Erfinder explained and demonstrated to me one time a concept I haven't forgotten. It had to do with coil shorting, but I think it tells us something. Keep in mind Erfinder's research has been primarily in electromechanical machines, where he has learned a lot about how electricity, rotation, impedance, resonance, etc. all come together in its purest form.
If you pass a permanent magnet by a coil, then take the output from the coil rectify it and charge a capacitor, the capacitor will charge to a particular voltage. That's your baseline.
Now you introduce coil shorting into the exact same system. You short the coil at the peak of its voltage. You will now see the capacitor voltage climb quite a bit higher than it did without the coil shorting.
What Erfinder proved to me is that this excess voltage in the capacitor above the baseline you first found is all for free. As long as you do not discharge the capacitor below that baseline voltage, it's pure free energy. The machine will never see an increase in load as long as you keep that capacitor charged above the baseline.

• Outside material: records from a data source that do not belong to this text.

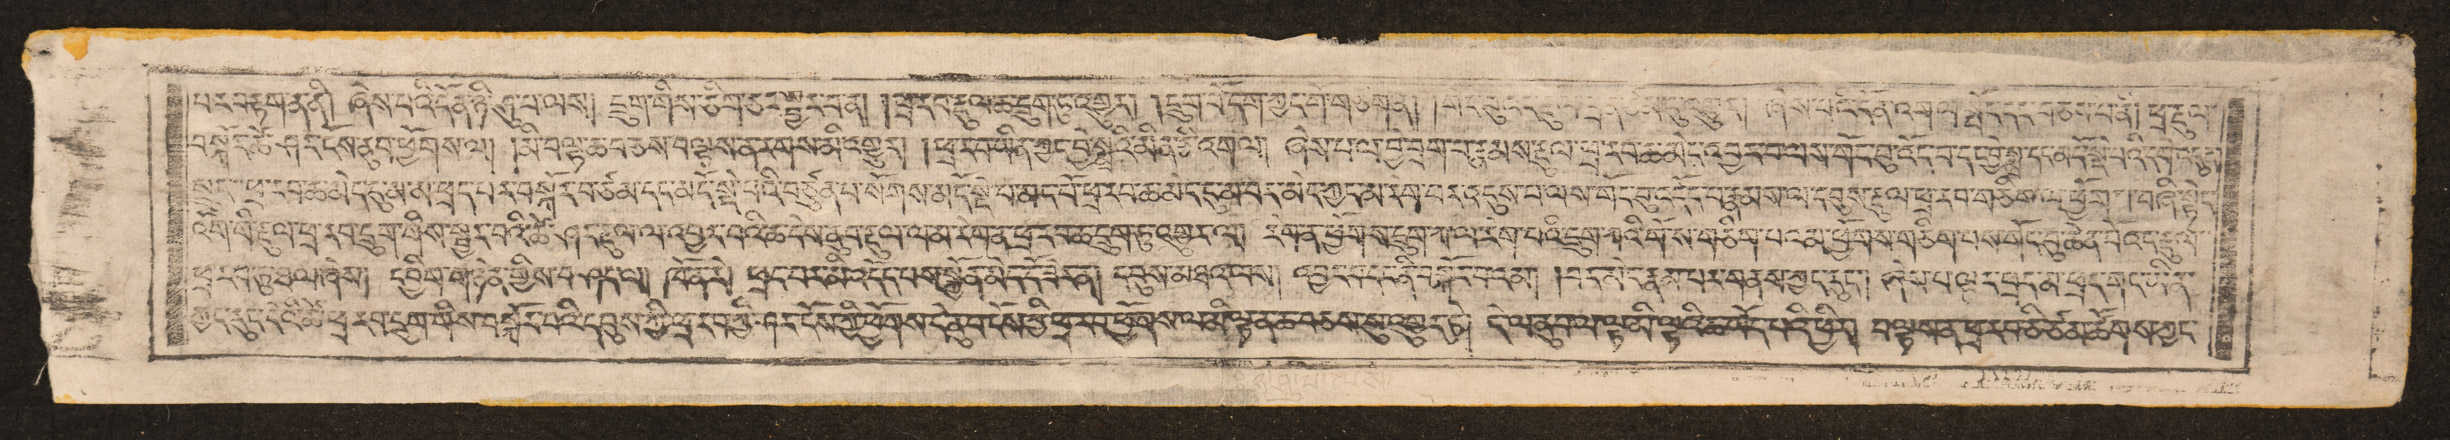པར་བརྟག་ན་ནི། ཞེས་པའི་དོན་ཉི་ཤུ་པ་ལས། དྲུག་གིས་ཅིག་ཅར་སྦྱར་བ་ན། །ཕྲ་རབ་རྡུལ་ཆ་དྲུག་ཏུ་འགྱུར། །དྲུག་པོ་དག་ཀྱང་གོ་གཅིག་ན། །གོང་བུའང་རྡུལ་ཕྲན་ཙམ་དུ་འགྱུར། ཞེས་པའི་དོན་འགལ་སྤོང་དང་བཅས་པ་ནི། ཕྲ་རྡུལ་
བསྐོར་ཚེ་ཤར་ངོས་ནུབ་ཕྱོགས་ལ། །མི་བལྟ་ཆ་བཅས་བལྟས་ན་རགས་མི་འགྱུར། །ཕྲ་རབ་ཡིན་ཀྱང་བྱེ་སྨྲའི་མིན་ཅི་འགལ། ཞེས་པ་ལ་བྱེ་བྲག་པ་རྣམས་རྡུལ་ཕྲ་རབ་ཆ་མེད་འབྱར་བ་ལས་གོང་བུ་འོད་བ་དང་བྱེ་སྒྲ་དང་མདོ་སྡེ་བའི་དགེ་འདུན་
སྲུང་ཕྲ་རབ་ཆ་མེད་དུ་མ་མ་གྲད་པར་བསྐོར་བ་ཙམ་དང་མདོ་སྡེ་པའི་བཙུན་པ་སོགས་མདོ་སྡེ་པ་མང་པོ་ཕྲ་རབ་ཆ་མེད་དུ་མ་བར་མེད་ཀྱང་མ་རེག་པར་འདུས་པ་ལས་གོང་བུ་འདོད་པ་རྣམས་ལ་དབུས་རྡུལ་ཕྲ་རབ་གཅིག་ལ་ཕྱོགས་བཞི་སྟེང་
འོག་གི་རྡུལ་ཕྲ་རབ་དྲུག་གིས་སྦྱར་བའི་ཚེ་ཤར་རྡུལ་ལ་འབྱར་བའི་ཆ་དེས་ནུབ་རྡུལ་ལ་མ་རེག་ན་ཕྲ་རབ་ཆ་དྲུག་ཏུ་འགྱུར་ལ། རེག་ན་ཕྱོགས་དྲུག་ཀ་ལ་རེག་པའི་དྲུག་ཀའི་གོ་ས་གཅིག་པའམ་ཕྱོགས་གཅིག་པས་གོང་བུ་ཆེན་པོའང་རྡུལ་
ཕྲ་རབ་ཏུ་ཐལ་ཞེས། དབྱིག་གཉེན་གྱིས་བཤད་ལ། ཁོ་ན་རེ། ཕྲད་པར་མི་འདོད་པས་སྐྱོན་མེད་དོ་ཟེར་ན། དབུས་མཐའ་ལས། འབྱར་བ་དང་ནི་བསྐོར་བ་འམ། །བར་མེད་རྣམ་པར་གནས་ཀྱང་རུང་། ཞེས་པ་ལྟར་ཕྲད་མ་ཕྲད་གང་ཡིན་
ཀྱང་རུང་དེའི་ཚེ་ཕྲ་རབ་དྲུག་གིས་བསྐོར་བའི་དབུས་ཀྱི་ཕྲ་རབ་ཀྱི་ཤར་ངོས་ཀྱི་ཕྱོགས་དེ་ནུབ་ངོས་ཀྱི་ཕྲ་རབ་ཕྱོགས་ལ་མི་ལྟན་ཆ་བཅས་སུ་འགྱུར་ཏེ། དེ་ལ་ནུབ་ལ་ལྟ་མི་ལྟའི་ཆ་ཡོད་པའི་ཕྱིར། བལྟས་ན་ཕྲ་རབ་ཅི་ཙམ་ཚོགས་ཀྱང་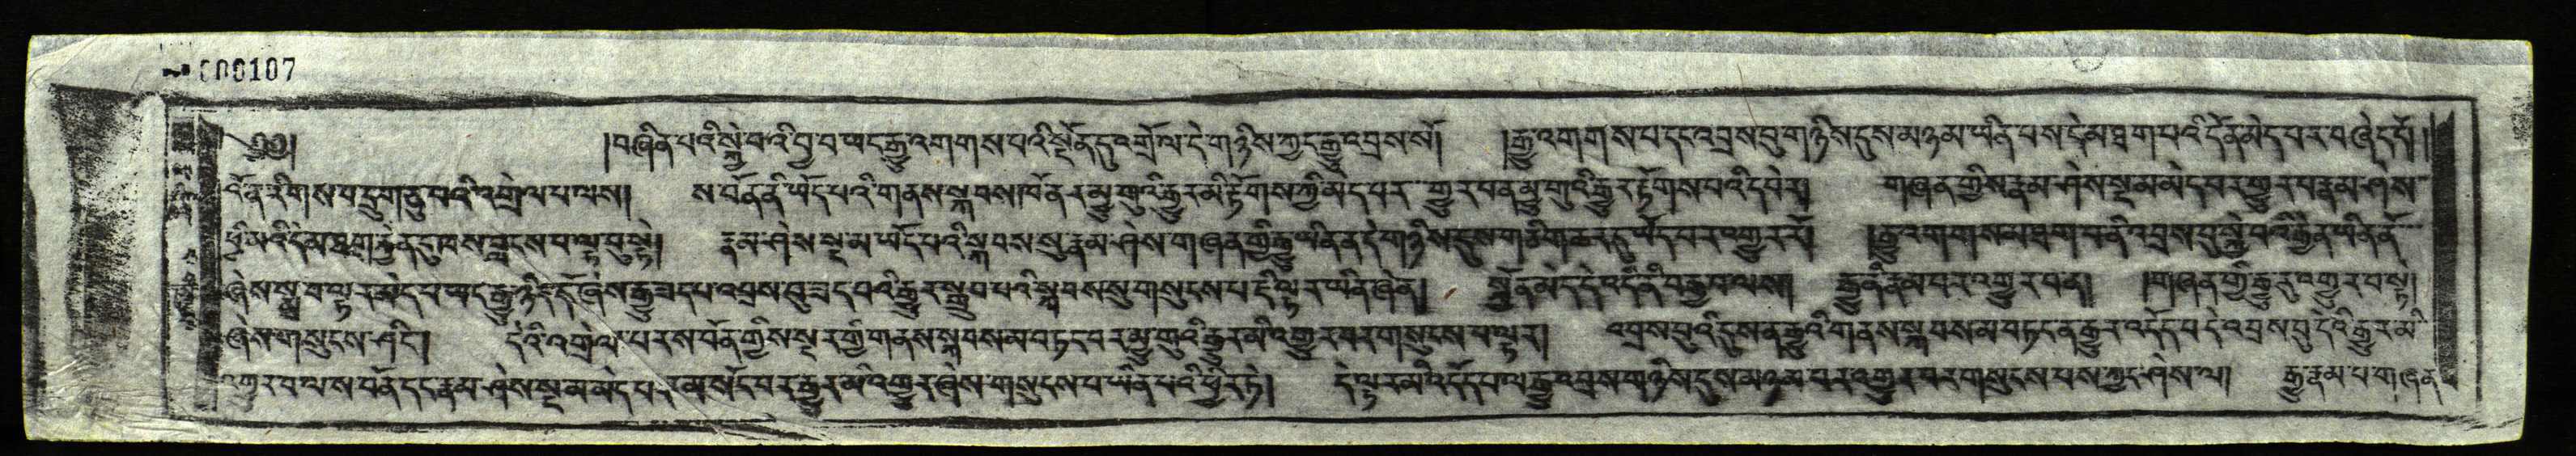༄༅། །བཞིན་པའི་སྐྱེ་བའི་བྱ་བ་ཡང་རྒྱུ་འགགས་པའི་སྔོན་དུ་འགྲོ་ལ་དེ་གཉིས་ཀྱང་རྒྱུ་འབྲས་སོ། །རྒྱུ་འགགས་པ་དང་འབྲས་བུ་གཉིས་དུས་མཉམ་ཡིན་པས་དེ་མ་ཐག་པའི་དོན་མེད་པར་བཞེད་དོ། །
འོ་ན་རིགས་པ་དྲུག་ཅུ་པའི་འགྲེལ་པ་ལས། ས་བོན་ནི་ཡོད་པའི་གནས་སྐབས་ཁོ་ནར་མྱུ་གུའི་རྒྱུར་མི་རྟོགས་ཀྱི་མེད་པར་གྱུར་པ་ན་མྱུ་གུའི་རྒྱུར་རྟོགས་པའི་དཔེར། གཞན་གྱིས་རྣམ་ཤེས་སྔ་མ་མེད་པར་གྱུར་པ་རྣམ་ཤེས་
ཕྱི་མའི་དེ་མ་ཐག་རྐྱེན་དུ་ཁས་བླངས་པ་ལྟ་བུ་སྟེ། རྣམ་ཤེས་སྔ་མ་ཡོད་པའི་སྐབས་སུ་རྣམ་ཤེས་གཞན་གྱི་རྒྱུ་ཡིན་ན་དེ་གཉིས་དུས་གཅིག་ཆར་དུ་ཡོད་པར་འགྱུར་རོ། །རྒྱུ་འགགས་མ་ཐག་པ་ནི་འབྲས་བུ་སྐྱེ་བའི་རྐྱེན་ཡིན་ནོ་
ཞེས་སྨྲ་བ་ལྟར་མེད་པ་ཡང་རྒྱུ་ཉིད་དོ་ཞེས་རྒྱུ་ཟད་པ་འབྲས་བུ་ཟད་པའི་རྒྱུར་སྒྲུབ་པའི་སྐབས་སུ་གསུངས་པ་ཇི་ལྟར་ཡིན་ཞེ་ན། སྐྱོན་མེད་དེ་འདི་ནི་བརྒྱ་བ་ལས། རྒྱུ་ནི་རྣམ་པར་འགྱུར་པ་ན། །གཞན་གྱི་རྒྱུ་རུ་འགྱུར་བ་སྟེ།
ཞེས་གསུངས་ཤིང་། དེའི་འགྲེལ་པར་ས་བོན་གྱིས་སྔར་གྱི་གནས་སྐབས་མ་བཏང་བར་མྱུ་གུའི་རྒྱུར་མི་འགྱུར་བར་གསུངས་པ་ལྟར། འབྲས་བུའི་དུས་ན་རྒྱུའི་གནས་སྐབས་མ་བཏང་ན་རྒྱུར་འདོད་པ་དེ་འབྲས་བུ་དེའི་རྒྱུར་མི་
འགྱུར་བ་ལ་ས་བོན་དང་རྣམ་ཤེས་སྔ་མ་མེད་པར་མ་སོང་བར་རྒྱུར་མི་འགྱུར་ཞེས་གསུངས་པ་ཡིན་པའི་ཕྱིར་ཏེ། དེ་ལྟར་མི་འདོད་པ་ལ་རྒྱུ་འབྲས་གཉིས་དུས་མཉམ་པར་འགྱུར་བར་གསུངས་པས་ཀྱང་ཤེས་ལ། རྒྱུ་རྣམ་པ་གཞན་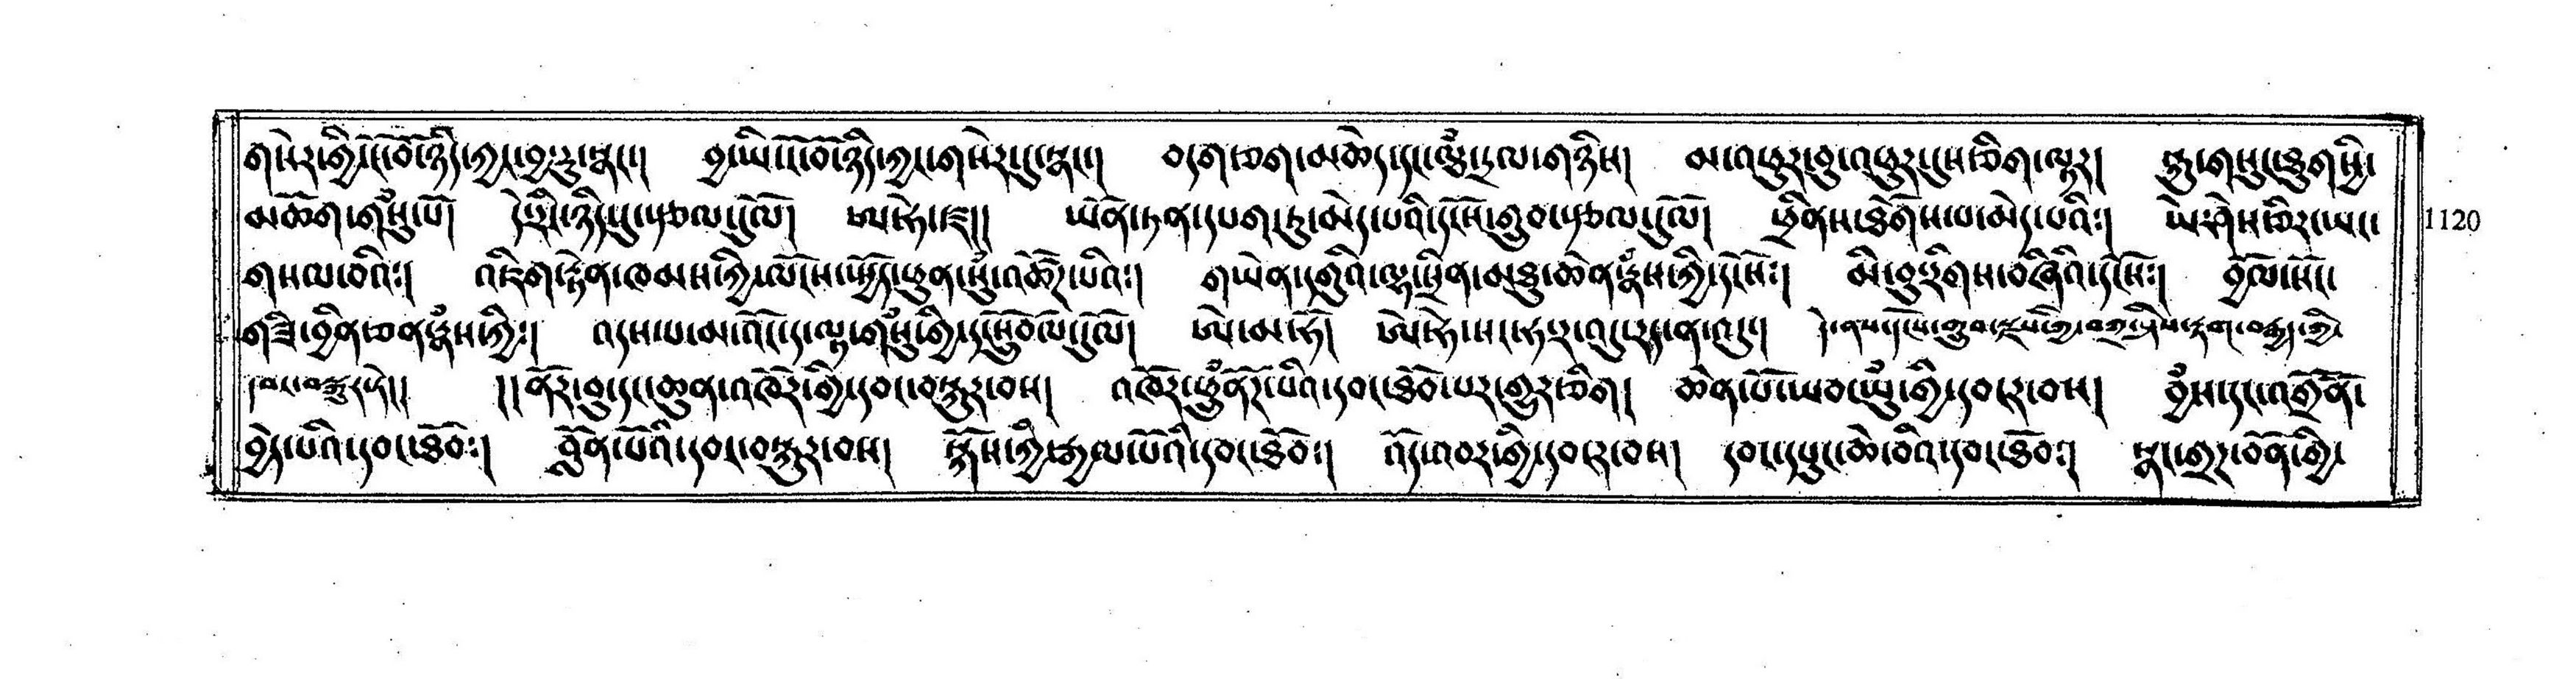གསེར་གྱི་ངོ་བོ་ཉིད་ཀྱང་བྱ་རུ་སྣང་། བྱ་ཡི་ངོ་བོ་ཉིད་ཀྱང་གསེར་དུ་སྣང་། བདག་ཅག་མཆེད་དང་ལྕམ་དྲལ་གཉིས། མ་འཕུར་བུ་འཕུར་དུས་ཅིག་ལྟར། སྐུ་གསུང་ཐུགས་ཀྱི་
མཆོག་གསུམ་པོ། དི་རིང་ཉིད་དུ་སྩལ་དུ་གསོལ། ཨ་ཧེ་ཛ།། ཡོན་ཏན་དཔག་ཏུ་མེད་པའི་དངོས་གྲུབ་སྩལ་དུ་གསོལ། ཕྲིན་ལས་ཐོགས་པ་མེད་པའི༴། ཡེ་ཤེས་ཅིར་ཡང་
གསལ་བའི༴། འཇིག་རྟེན་ཁམས་ཀྱི་ལོངས་སྤྱོད་ཕུན་སུམ་འཚོགས་པའི༴། གཡེན་དགུའི་ལྷ་སྲིན་མཐུ་ཆེན་རྣམས་ཀྱི་དངོས༴། མི་བུ་རིགས་བཞིའི་དངོས༴། བྱོལ་སོང་
གཟི་བྱིན་ཅན་རྣམས་ཀྱི༴། འདས་པ་མ་འོང་ད་ལྟ་གསུམ་གྱི་དངོས་གྲུབ་སྩལ་དུ་གསོལ། ཨེ་མ་ཧོ། ཨེ་ཧེ་སང་ཧ་ར་འདུ་རད་ན་འདུ། དེ་ནས་དངོས་གྲུབ་རྫས་ཀྱི་བཀྲ་ཤིས་རྟག་བརྒྱད་ཀྱི་
དབང་བསྐུར་ཏེ། །།ནོར་བུ་དང་{1141}ཆུན་འཁོར་གྱི་དབང་བསྐུར་བས། འཁོར་ཕུན་སུམ་ཚོགས་པའི་དབང་ཐོབ་པར་གྱུར་ཅིག ཆེན་པོ་ཡབ་ཡུམ་གྱི་དབང་བསྐུར་བས། བྱམས་དང་འགྲོ་དོན་
བྱེད་པའི་དབང་ཐོབ༴། བློན་པོའི་དབང་བསྐུར་བས། སྐོས་ཀྱི་རྒྱལ་པོའི་དབང་ཐོབ༴། འོད་འབར་གྱི་དབང་བསྐུར་བས། དབང་དཔུང་ཆེ་བའི་དབང་ཐོབ༴། སྣང་གྲགས་བོན་གྱི་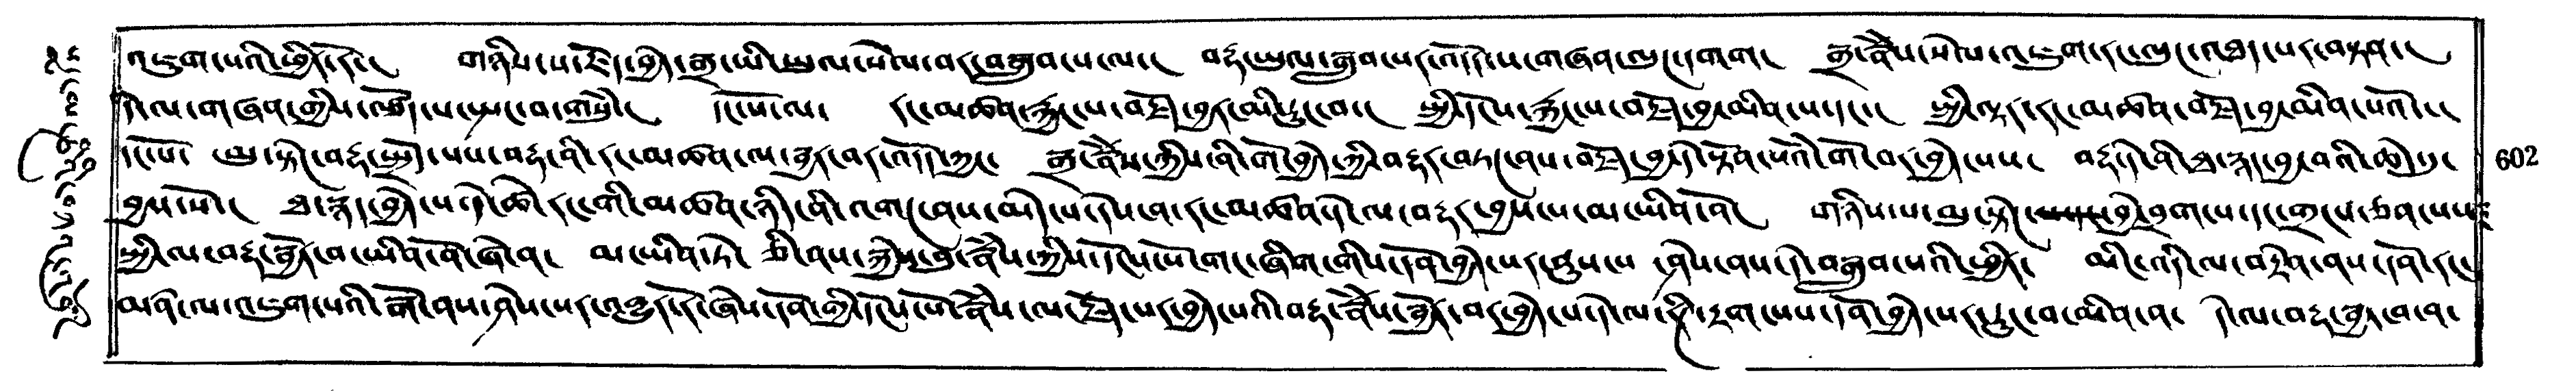འཇུག་པའི་ཕྱིར་རོ།། གཉིས་པ་རྗོད་བྱེད་སྒྲའི་ཡུལ་སེལ་བར་བསྒྲུབ་པ་ལ། བརྡ་ཡུལ་སྒྲུབ་པར་འདོད་པ་གཞན་ལུགས་དགག །སྒྲ་རྣམས་སེལ་འཇུག་རང་ལུགས་འཐད་པར་བསྟན། །
དེ་ལ་གཞན་གྱིས་རྩོད་པ་སྤོང་བ་གསུམ། །དང་པོ་ལ། རང་མཚན་རྐྱང་པ་བརྗོད་བྱར་མི་རུང་བ། །སྤྱི་དངོས་རྐྱང་པ་བརྗོད་བྱ་མིན་པ་དང་། །སྤྱི་ལྟར་རང་མཚན་བརྗོད་བྱ་མིན་པའོ། །
དང་པོ། མུ་སྟེགས་བརྡ་སྤྲོད་པས་བརྡ་ནི་རང་མཚན་ལ་སྦྱར་བར་འདོད་ཀྱང་། སྒྲ་རྣམས་ཀྱི་ནི་གོ་བྱེད་ཀྱི་བརྡར་བཏགས་ནས་བརྗོད་བྱ་དེ་སྟོན་པའམ་གོ་བར་བྱེད་པས། བརྡ་དེ་ནི་ཐ་སྙད་བྱ་བའི་ཆེད་དུ་
བྱས་སོ།། ཐ་སྙད་བྱེད་པ་དེ་ཚེ་རང་གི་མཚན་ཉིད་ནི་འགགས་ནས་མེད་པ་དེ་ན་རང་མཚན་དེ་ལ་བརྡར་བྱས་པ་མ་ཡིན་ནོ།། གཉིས་པ་མུ་སྟེགས་བྱེ་བྲག་པ་དང་གྲངས་ཅན་པས་
སྤྱི་ལ་བརྡ་སྦྱོར་བ་ཡིན་ནོ་ཞེ་ན། མ་ཡིན་ཏེ། ཅི་ནས་སྐྱེས་བུ་རྣམས་ཀྱིས་དངོས་པོ་གང་ཞིག་གིས་དོན་བྱེད་པར་ནུས་པ་ཤེས་ནས་དེ་བསྒྲུབ་པའི་ཕྱིར། མིང་འདི་ལ་བརྟེན་ནས་དོན་རང་
མཚན་ལ་འཇུག་པའི་སྒོ་ནས་ཤེས་པར་འགྱུར་རོ་ཞེས་དོན་གྱི་དངོས་པོ་རྣམས་ལ་རྗོད་པར་བྱེད་པའི་བརྡ་རྣམས་སྦྱོར་བར་བྱེད་པ་དེ་ལ་རིགས་རྟག་པས་དོན་བྱེད་པར་རུང་བ་མིན་ནོ།།དེ་ལ་བརྡ་སྦྱང་བ་ན་

Okay, so you might say then, well, you have it all solved, you have free energy. Not quite, because it still takes work to move the magnet past the coil, but there are things you can do to minimize this amount of work. One way is to remove any core from the coil. That reduces the drag considerably. The other thing is the timing of the coil short. If you do it at the correct timing, the shorted coil actually assists the movement between the magnet and the coil.
I haven't seen the final numbers, but from all indications, these "tricks" are things that should help us understand what we need to do with this Radiant Box device. Erfinder told me in a Skype chat the other day that he burned up his last good motor/generator. He said that we need to understand the three types of energy storage and manage them properly or the machine will always end up tearing itself apart. He also said that Jim Murray is the only other person he knows that understands this concept.